What the task asks. Could you restate the entries below word for word and leave out the pictures?

[[ Source material, beginning ]]

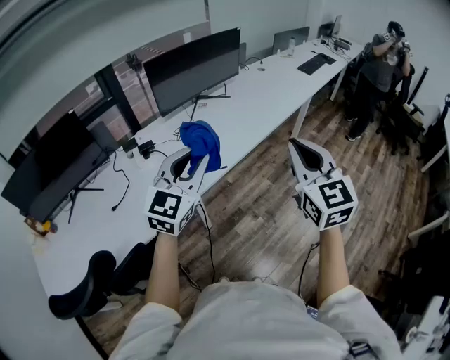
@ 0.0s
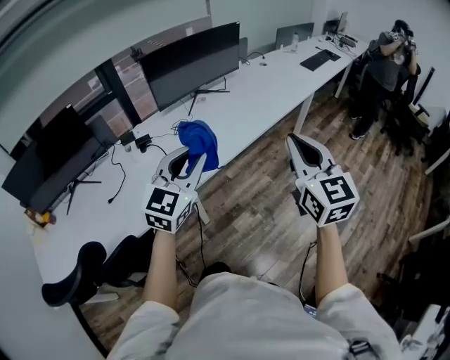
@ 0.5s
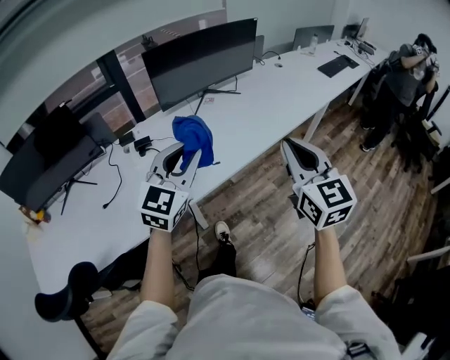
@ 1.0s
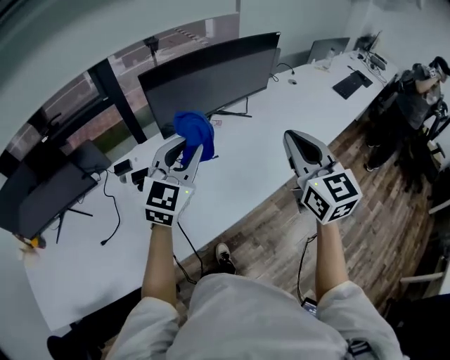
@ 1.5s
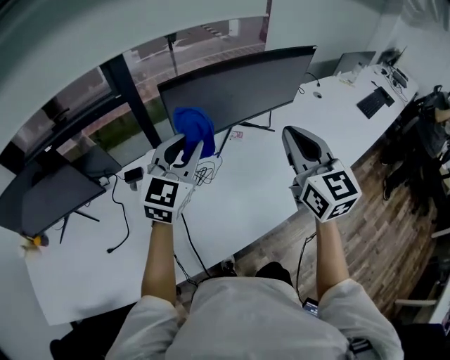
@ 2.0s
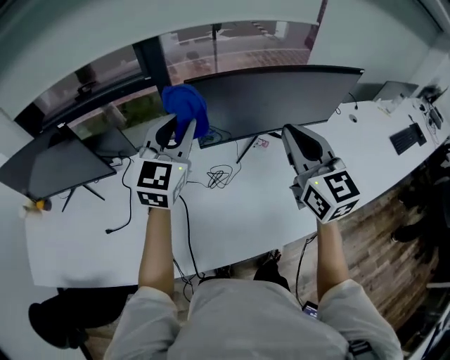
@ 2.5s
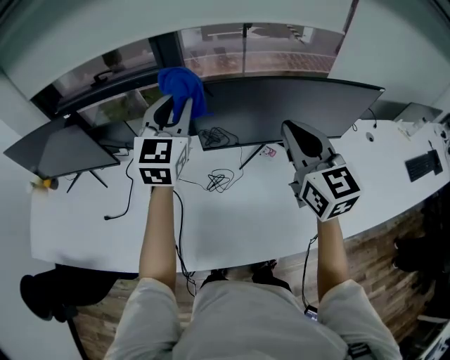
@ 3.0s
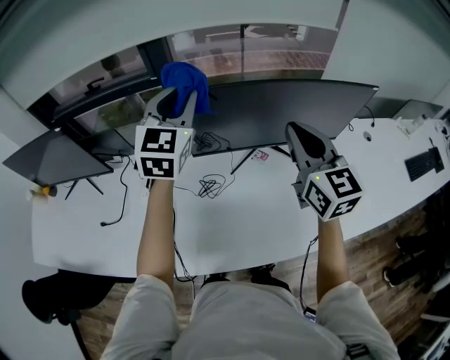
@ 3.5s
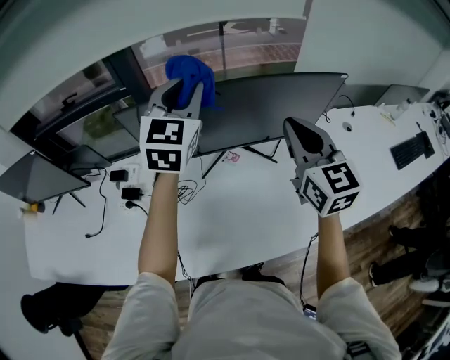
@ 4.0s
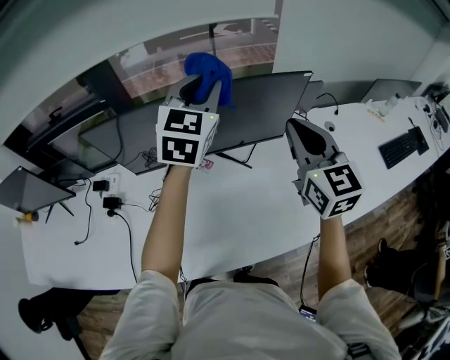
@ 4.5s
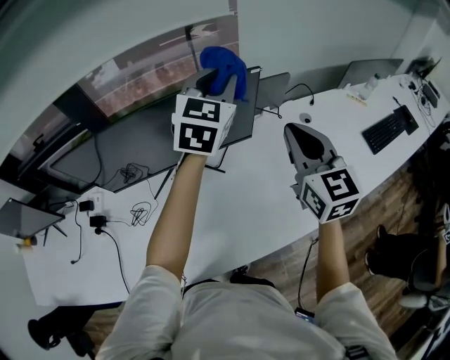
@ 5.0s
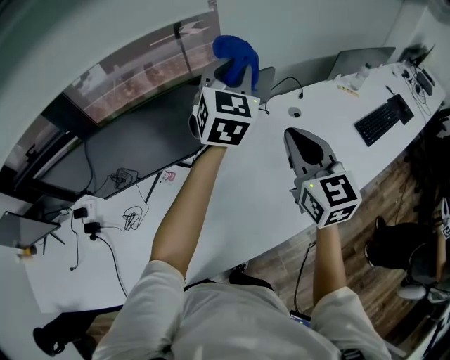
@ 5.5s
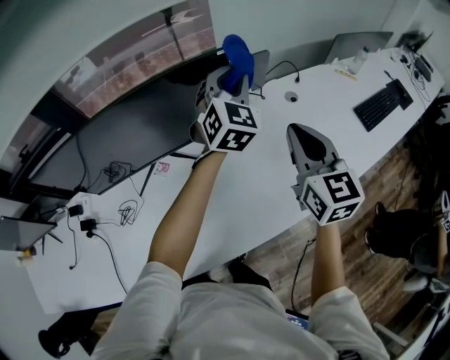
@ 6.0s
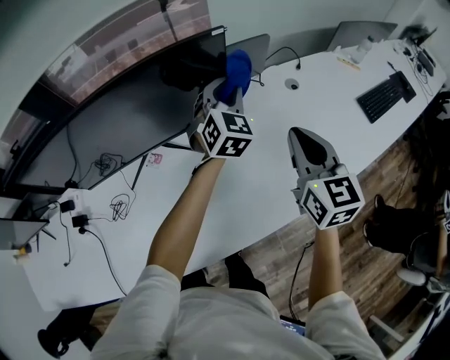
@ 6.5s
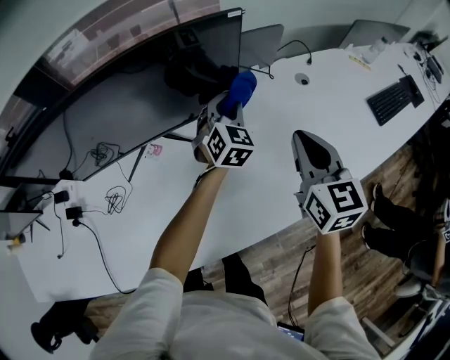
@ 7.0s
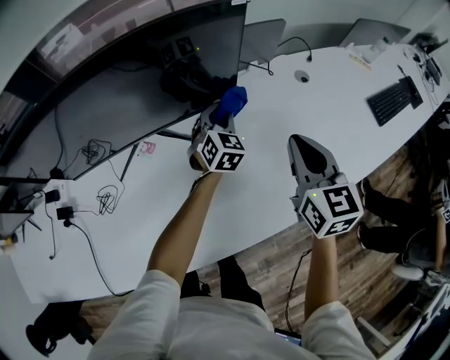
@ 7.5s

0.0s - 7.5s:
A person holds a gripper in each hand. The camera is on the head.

[[ Source material, end ]]

Your response.
@ 0.0s
@ 0.5s
@ 1.0s
@ 1.5s
@ 2.0s
@ 2.5s
@ 3.0s
@ 3.5s
@ 4.0s
@ 4.5s
@ 5.0s
@ 5.5s
@ 6.0s
@ 6.5s
@ 7.0s
@ 7.5s

0.0s - 7.5s:
A person holds a gripper in each hand. The camera is on the head.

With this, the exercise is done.